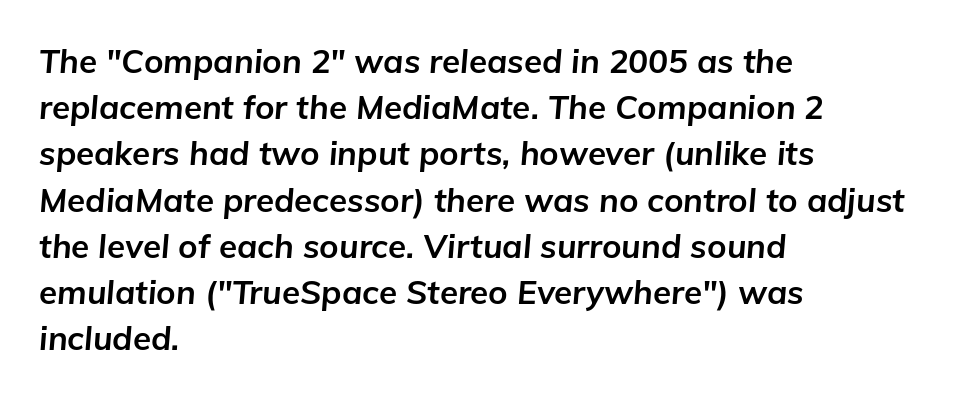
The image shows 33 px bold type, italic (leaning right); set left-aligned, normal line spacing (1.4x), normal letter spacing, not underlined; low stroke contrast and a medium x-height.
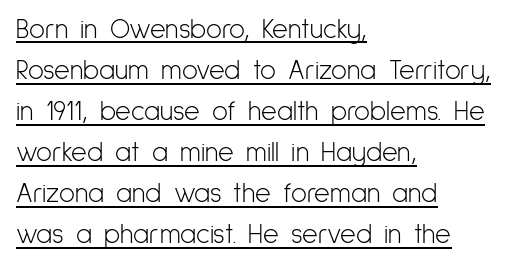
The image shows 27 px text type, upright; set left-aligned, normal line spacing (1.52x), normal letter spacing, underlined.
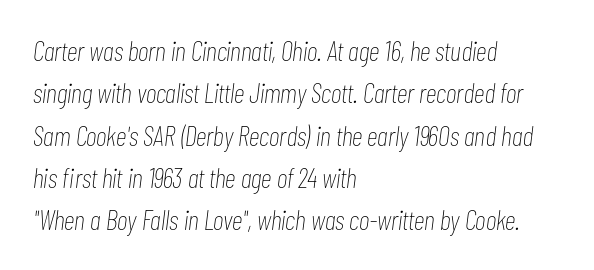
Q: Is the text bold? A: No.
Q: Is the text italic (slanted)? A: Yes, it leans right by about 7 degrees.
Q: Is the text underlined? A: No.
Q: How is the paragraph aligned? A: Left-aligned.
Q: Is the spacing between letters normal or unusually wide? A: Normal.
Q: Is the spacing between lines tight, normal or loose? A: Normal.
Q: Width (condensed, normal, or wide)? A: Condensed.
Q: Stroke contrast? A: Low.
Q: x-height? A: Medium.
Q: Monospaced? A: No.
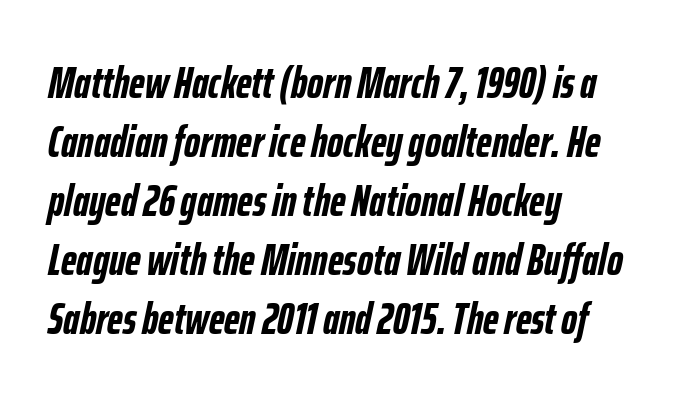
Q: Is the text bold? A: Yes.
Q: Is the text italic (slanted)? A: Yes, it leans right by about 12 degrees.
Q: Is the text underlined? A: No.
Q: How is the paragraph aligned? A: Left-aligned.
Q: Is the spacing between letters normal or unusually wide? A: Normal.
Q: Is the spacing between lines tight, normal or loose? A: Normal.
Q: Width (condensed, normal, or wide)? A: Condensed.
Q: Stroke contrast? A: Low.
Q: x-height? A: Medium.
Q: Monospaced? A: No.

WORK ORDER
If pictures are present, they are dropped, and the entries above are written out word for word.

SOLUTION
The image shows 33 px bold type, italic (leaning right); set left-aligned, normal line spacing (1.4x), normal letter spacing, not underlined; low stroke contrast and a medium x-height.
The image shows 27 px text type, upright; set left-aligned, normal line spacing (1.52x), normal letter spacing, underlined.
Q: Is the text bold? A: No.
Q: Is the text italic (slanted)? A: Yes, it leans right by about 7 degrees.
Q: Is the text underlined? A: No.
Q: How is the paragraph aligned? A: Left-aligned.
Q: Is the spacing between letters normal or unusually wide? A: Normal.
Q: Is the spacing between lines tight, normal or loose? A: Normal.
Q: Width (condensed, normal, or wide)? A: Condensed.
Q: Stroke contrast? A: Low.
Q: x-height? A: Medium.
Q: Monospaced? A: No.
Q: Is the text bold? A: Yes.
Q: Is the text italic (slanted)? A: Yes, it leans right by about 12 degrees.
Q: Is the text underlined? A: No.
Q: How is the paragraph aligned? A: Left-aligned.
Q: Is the spacing between letters normal or unusually wide? A: Normal.
Q: Is the spacing between lines tight, normal or loose? A: Normal.
Q: Width (condensed, normal, or wide)? A: Condensed.
Q: Stroke contrast? A: Low.
Q: x-height? A: Medium.
Q: Monospaced? A: No.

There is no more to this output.